First, the research begins with the enormous assumption that strategic defaulters do – in fact – have the financial means to pay their mortgages but simply opt not to.
I think this is a huge – and faulty – assumption.
The Fair Isaac study states: "Where the key driver for the behavior of traditional defaulters is affordability, the key driver for strategic defaulters is incentive. Strategic defaulters can afford to continue making mortgage payments, but they believe that it is not in their financial best interest, generally because they are 'underwater,' owing more on their mortgage than their house is currently worth."
While it may be true that strategic defaulters are a more financially savvy bunch - and more likely to view their homes as an investment - it's a major leap for researchers to assume that strategic defaulters definitely have the ability to repay their home loans.
Neither FICO scores nor VantageScores track or calculate a person's income.
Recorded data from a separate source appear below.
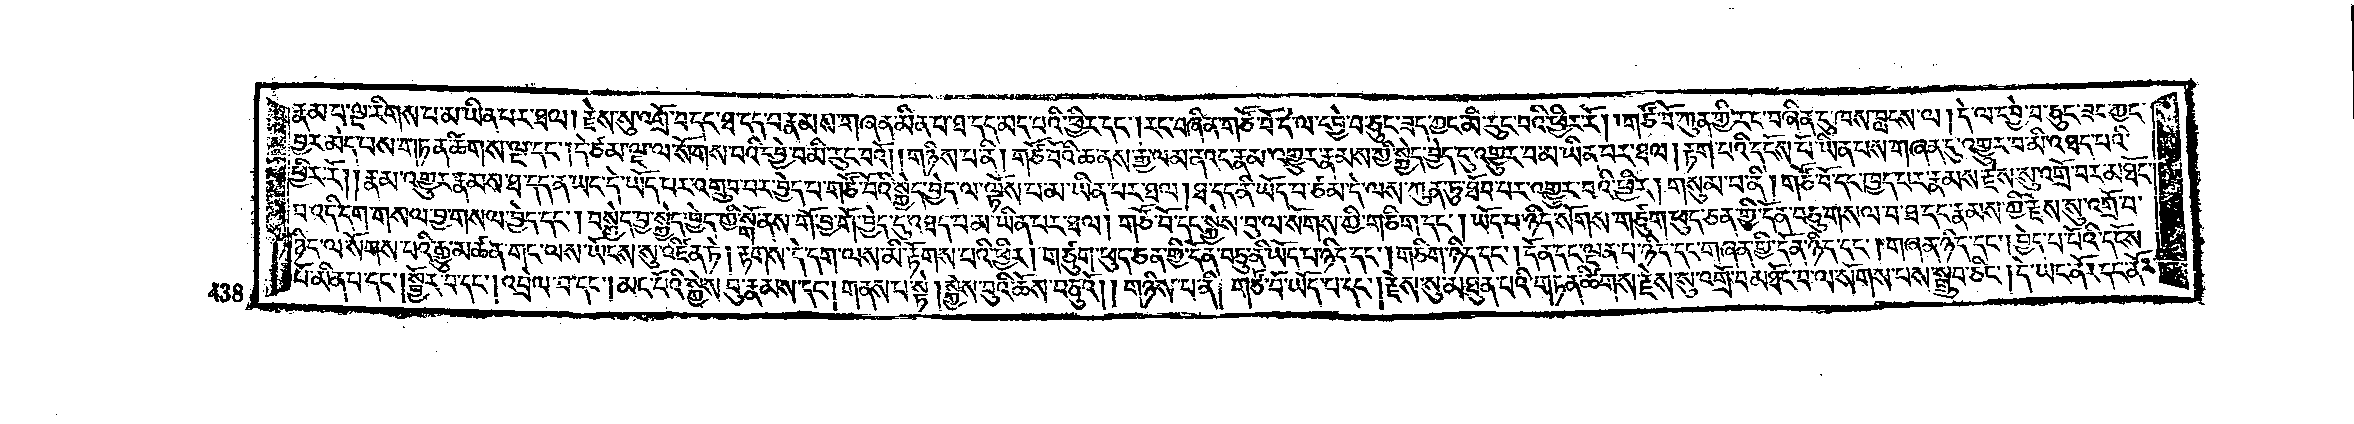རྣམ་པ་ལྔ་རིགས་པ་མ་ཡིན་པར་ཐལ། རྗེས་སུ་འགྲོ་བ་དང་ཐ་དད་པ་རྣམས་གཞན་མིན་པ་ཐ་དད་མེད་པའི་ཕྱིར་དང་། རང་བཞིན་གཙོ་བོ་དེ་ལ་དབྱེ་བ་ཅུང་ཟད་ཀྱང་མི་རུང་བའི་ཕྱིར་རོ། ། གཙོ་བོ་ཀུན་ཀྱི་རང་བཞིན་དུ་ཁས་བླངས་ལ། དེ་ལ་དབྱེ་བ་ཅུང་ཟད་ཀྱང་
བྱར་མེད་པས་གཏན་ཚིགས་ལྔ་དང་། དེ་ཙམ་ལྔ་ལ་སོགས་པའི་དབྱེ་བ་མི་རུང་བའོ། །གཉིས་པ་ནི། གཙོ་བོའི་ཆ་ནས་རྒྱ་ལམ་ནའང་རྣམ་འགྱུར་རྣམས་ཀྱི་སྐྱེད་བྱེད་དུ་འགྱུར་བ་མ་ཡིན་པར་ཐལ། རྟག་པའི་དངོས་པོ་ཡིན་པས་གཞན་དུ་འགྱུར་བ་མི་འཐད་པའི་
ཕྱིར་རོ། །རྣམ་འགྱུར་རྣམས་ཐ་དད་ན་ཡང་དེ་ཡོད་པར་འགྲུབ་པར་བྱེད་པ་གཙོ་བོའི་སྐྱེད་བྱེད་ལ་ལྟོས་པ་མ་ཡིན་པར་ཐལ། ཐ་དད་ནི་ཡོད་པ་ཙམ་དེ་ལས་ཀུན་ཏུ་ཐོབ་པར་འགྱུར་པའི་ཕྱིར། གསུམ་པ་ནི། གཙོ་བོ་དང་ཁྱད་པར་རྣམས་རྗེས་སུ་འགྲོ་བར་མཐོང་
བ་འདི་དག་གསལ་བྱ་གསལ་བྱེད་དང་། བསྐྱེད་བྱ་སྐྱེད་བྱེད་ཀྱི་སྒོ་ནས་གོ་བྱ་གོ་བྱེད་དུ་འཐད་པ་མ་ཡིན་པར་ཐལ། གཙོ་བོ་དང་སྐྱེས་བུ་ལ་སོགས་ཀྱི་གཅིག་དང་། ཡོད་པ་ཉིད་སོགས་གཙུག་ཕུད་ཅན་གྱི་དོན་བཅུ་གསལ་བ་ཐ་དད་རྣམས་ཀྱི་རྗེས་སུ་འགྲོ་བ་
ཉིད་ལ་སོགས་པའི་རྒྱུ་མཚན་གང་ལས་ཡོངས་སུ་འཛིན་ཏེ། རྟགས་དེ་དག་ལས་མི་རྟོགས་པའི་ཕྱིར། གཙུག་ཕུད་ཅན་གྱི་དོན་བཅུ་ནི་ཡོད་པ་ཉིད་དང་། གཅིག་ཉིད་དང་། དོན་དང་ལྡན་པ་ཉིད་དང་གཞན་གྱི་དོན་ཉིད་དང་། གཞན་ཉིད་དང་། བྱེད་པ་པོའི་དངོས་
པོ་མིན་པ་དང་། སྦྱོར་བ་དང་། འབྲེལ་བ་དང་། མང་པོ་སྐྱེས་བུ་རྣམས་དང་། གནས་པ་སྟེ། སྐྱེས་བུའི་ཆོས་བཅུའོ། །གཉིས་པ་ནི། གཙོ་བོ་ཡོད་པ་དང་། རྗེས་སུ་མཐུན་པའི་གཏན་ཚིགས་རྗེས་སུ་འགྲོ་བ་མཐོང་བ་ལ་སོགས་པས་སྒྲུབ་པ་ཅིང་། དེ་ཡང་ནོར་དང་ནོར་

So while these agencies can make guesstimates about a consumer's income, they really don't know how much money a borrower earns and whether or not there's been a decline in a family's economic standing.
Besides, even if researchers had the exact income of a borrower in question, those researchers have no way to know – and don't appear to be interested in – whether the person has other liabilities impacting the borrower's willingness or ability to repay a mortgage.
For instance, is the homeowner also paying for private school for their children or a kid who just entered college? Is the borrower financially supporting aging parents or a family member with big medical bills? Or has a two-income couple just gone through a separation or divorce, or has one party in the relationship lost a job?
None of this is reflected in the research. So if the only criterion being used is a belief that "well, these people are somehow paying all their other bills, so they must be able to afford their mortgage, too," that's a poor way to gauge affordability.
On paper, it might appear that strategic defaulters can "afford" their existing mortgages, but what if they truly can't? What about the scores of people who've sought out help with their mortgages - to no avail – before making the decision to walk away from a home?
Struggling homeowners nationwide have lamented for more than three years about limited options when they reach out for help in restructuring unaffordable mortgages. They tell stories of banks that repeatedly lose paperwork; about being rejected for forbearances and loan modifications after making reduced, trial repayments as agreed; and of course, about getting the door slammed in their faces when they try to refinance homes that are underwater.
In short, U.S. homeowners have dealt with a lot of headaches, hassles and heartbreak when it comes to fixing their mortgage woes. So why should we think that strategic defaulters are any different? Simply because they have higher incomes and better credit?
What's more likely is that strategic defaulters are simply better able to mask their financial difficulties. They have more options (like family members they can borrower money from, lines of credit they can tap, or 401(k) plans they can dip into) to help them ride out a financial storm. Consequently, the cracks in the financial façade simply aren't as visible.
But just because their financial pain isn't showing up in the research on strategic default doesn't make it any less real.
So until researchers from FICO, VantageScore and elsewhere delve into the human side of strategic defaults, they're really just guessing about who's a strategic defaulter – not to mention who's likely to default and why.